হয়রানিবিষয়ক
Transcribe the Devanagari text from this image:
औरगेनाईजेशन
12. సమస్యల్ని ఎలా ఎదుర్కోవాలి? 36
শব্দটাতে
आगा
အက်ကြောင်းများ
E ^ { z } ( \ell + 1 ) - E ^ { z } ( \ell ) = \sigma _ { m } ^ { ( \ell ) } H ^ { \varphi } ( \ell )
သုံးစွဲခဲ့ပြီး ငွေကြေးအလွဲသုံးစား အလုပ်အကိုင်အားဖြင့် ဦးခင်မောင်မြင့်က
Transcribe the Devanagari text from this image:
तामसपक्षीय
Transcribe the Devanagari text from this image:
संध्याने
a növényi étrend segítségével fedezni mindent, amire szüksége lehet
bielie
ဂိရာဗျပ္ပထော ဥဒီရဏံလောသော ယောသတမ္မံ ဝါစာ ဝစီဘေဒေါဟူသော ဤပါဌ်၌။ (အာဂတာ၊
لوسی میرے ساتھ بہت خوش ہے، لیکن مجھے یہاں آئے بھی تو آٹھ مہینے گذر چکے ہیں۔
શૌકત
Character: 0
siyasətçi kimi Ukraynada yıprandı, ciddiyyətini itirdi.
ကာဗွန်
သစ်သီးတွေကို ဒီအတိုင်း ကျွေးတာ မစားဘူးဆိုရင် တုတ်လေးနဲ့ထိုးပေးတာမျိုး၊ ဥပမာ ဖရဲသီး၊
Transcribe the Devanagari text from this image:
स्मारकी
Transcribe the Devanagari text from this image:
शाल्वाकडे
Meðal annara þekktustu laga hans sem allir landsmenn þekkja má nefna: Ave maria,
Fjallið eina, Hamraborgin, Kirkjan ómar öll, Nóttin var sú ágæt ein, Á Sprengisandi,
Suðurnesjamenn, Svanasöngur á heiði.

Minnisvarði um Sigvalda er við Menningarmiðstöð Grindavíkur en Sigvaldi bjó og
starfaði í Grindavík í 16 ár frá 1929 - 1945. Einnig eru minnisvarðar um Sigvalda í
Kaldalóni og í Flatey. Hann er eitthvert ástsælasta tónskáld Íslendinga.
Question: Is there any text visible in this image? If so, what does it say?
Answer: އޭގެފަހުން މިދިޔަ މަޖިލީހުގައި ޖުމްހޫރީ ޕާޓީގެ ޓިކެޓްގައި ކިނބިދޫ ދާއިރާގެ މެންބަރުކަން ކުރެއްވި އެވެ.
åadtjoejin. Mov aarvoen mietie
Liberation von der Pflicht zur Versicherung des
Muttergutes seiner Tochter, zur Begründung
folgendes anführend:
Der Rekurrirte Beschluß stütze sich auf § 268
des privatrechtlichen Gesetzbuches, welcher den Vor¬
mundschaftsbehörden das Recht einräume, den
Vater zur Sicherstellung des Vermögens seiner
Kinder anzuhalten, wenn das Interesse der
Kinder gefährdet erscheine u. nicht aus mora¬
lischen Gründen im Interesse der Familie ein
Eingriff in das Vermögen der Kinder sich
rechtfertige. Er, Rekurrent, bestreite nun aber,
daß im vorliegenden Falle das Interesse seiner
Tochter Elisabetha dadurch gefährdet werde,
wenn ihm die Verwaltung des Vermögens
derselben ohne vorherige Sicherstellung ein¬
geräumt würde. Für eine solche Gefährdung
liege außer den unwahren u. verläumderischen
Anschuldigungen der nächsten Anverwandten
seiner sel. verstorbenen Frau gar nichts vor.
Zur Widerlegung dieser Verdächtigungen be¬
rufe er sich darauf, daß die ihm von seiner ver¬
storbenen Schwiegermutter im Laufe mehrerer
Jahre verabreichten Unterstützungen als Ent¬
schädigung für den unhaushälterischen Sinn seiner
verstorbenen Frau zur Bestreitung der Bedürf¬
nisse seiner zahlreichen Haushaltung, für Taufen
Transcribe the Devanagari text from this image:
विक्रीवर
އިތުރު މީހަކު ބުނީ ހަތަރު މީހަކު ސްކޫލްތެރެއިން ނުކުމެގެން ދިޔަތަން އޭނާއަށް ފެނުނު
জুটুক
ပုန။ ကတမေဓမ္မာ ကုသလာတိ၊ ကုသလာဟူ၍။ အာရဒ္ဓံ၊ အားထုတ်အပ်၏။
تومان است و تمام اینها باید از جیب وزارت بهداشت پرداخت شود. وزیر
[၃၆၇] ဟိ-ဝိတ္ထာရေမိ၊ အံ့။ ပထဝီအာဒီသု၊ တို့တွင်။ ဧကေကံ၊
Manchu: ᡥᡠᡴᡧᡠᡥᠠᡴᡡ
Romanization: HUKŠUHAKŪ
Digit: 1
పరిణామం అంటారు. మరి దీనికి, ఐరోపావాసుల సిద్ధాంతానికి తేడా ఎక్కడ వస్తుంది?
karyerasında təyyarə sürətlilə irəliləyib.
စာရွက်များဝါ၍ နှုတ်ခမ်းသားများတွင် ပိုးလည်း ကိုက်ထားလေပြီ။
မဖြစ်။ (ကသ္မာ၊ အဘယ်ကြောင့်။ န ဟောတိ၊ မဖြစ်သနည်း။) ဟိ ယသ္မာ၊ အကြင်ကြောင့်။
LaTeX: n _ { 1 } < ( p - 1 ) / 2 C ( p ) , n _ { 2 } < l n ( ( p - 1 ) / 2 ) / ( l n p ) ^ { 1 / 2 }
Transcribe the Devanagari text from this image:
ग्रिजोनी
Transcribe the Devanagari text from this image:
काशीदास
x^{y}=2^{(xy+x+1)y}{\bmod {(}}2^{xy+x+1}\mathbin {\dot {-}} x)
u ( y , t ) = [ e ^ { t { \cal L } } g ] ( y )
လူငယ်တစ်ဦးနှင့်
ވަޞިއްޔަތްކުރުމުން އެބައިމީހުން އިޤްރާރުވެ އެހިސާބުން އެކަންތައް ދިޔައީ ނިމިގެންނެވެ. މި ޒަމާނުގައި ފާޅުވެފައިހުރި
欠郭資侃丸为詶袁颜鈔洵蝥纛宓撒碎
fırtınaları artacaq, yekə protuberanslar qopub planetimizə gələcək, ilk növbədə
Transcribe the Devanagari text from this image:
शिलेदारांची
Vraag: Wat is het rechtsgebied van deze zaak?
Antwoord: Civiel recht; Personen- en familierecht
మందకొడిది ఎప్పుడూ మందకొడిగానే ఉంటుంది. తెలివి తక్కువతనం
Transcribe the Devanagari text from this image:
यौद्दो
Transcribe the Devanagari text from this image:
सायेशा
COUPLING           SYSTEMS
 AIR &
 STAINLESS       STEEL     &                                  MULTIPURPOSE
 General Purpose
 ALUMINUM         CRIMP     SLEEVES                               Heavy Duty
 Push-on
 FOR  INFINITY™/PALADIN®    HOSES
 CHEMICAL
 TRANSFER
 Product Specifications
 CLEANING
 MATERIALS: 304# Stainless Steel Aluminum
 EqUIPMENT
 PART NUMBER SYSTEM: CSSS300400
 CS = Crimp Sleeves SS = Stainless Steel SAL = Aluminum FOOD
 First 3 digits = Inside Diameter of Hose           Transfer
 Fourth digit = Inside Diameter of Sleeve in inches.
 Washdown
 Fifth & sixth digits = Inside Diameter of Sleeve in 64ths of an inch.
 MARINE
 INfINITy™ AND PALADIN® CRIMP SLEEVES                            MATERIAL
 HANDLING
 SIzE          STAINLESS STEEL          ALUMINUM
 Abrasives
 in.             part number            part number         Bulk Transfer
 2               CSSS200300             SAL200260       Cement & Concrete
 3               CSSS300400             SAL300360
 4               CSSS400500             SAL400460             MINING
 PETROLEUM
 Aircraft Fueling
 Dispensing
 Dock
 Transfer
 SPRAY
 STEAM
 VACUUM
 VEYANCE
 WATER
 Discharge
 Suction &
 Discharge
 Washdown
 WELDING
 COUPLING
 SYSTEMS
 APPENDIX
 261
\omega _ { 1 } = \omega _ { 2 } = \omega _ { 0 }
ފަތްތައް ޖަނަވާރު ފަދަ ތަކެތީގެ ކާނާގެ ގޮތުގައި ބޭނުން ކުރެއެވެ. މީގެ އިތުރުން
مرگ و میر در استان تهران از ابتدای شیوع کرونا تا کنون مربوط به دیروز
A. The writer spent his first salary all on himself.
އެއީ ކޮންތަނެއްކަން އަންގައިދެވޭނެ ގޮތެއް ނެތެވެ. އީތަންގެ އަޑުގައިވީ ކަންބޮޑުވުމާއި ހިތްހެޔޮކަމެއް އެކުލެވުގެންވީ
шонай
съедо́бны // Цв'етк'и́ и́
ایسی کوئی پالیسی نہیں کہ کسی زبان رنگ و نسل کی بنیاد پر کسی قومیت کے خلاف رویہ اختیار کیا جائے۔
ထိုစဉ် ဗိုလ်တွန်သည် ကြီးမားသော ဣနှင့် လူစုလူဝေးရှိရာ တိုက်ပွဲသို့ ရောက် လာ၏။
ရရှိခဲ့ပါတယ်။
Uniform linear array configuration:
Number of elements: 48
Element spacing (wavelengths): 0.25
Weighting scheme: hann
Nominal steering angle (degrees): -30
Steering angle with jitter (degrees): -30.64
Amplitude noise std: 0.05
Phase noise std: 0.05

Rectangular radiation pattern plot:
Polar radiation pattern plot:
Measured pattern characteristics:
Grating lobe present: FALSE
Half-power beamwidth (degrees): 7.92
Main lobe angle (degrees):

WORK INSTRUCTIONS: Look above for the line with "Element spacing (wavelengths): 0.25", then copy it and each later line exactly, stopping at the last line of the records.

RESPONSE TO THE EXERCISE:
Element spacing (wavelengths): 0.25
Weighting scheme: hann
Nominal steering angle (degrees): -30
Steering angle with jitter (degrees): -30.64
Amplitude noise std: 0.05
Phase noise std: 0.05

Rectangular radiation pattern plot:
Polar radiation pattern plot:
Measured pattern characteristics:
Grating lobe present: FALSE
Half-power beamwidth (degrees): 7.92
Main lobe angle (degrees):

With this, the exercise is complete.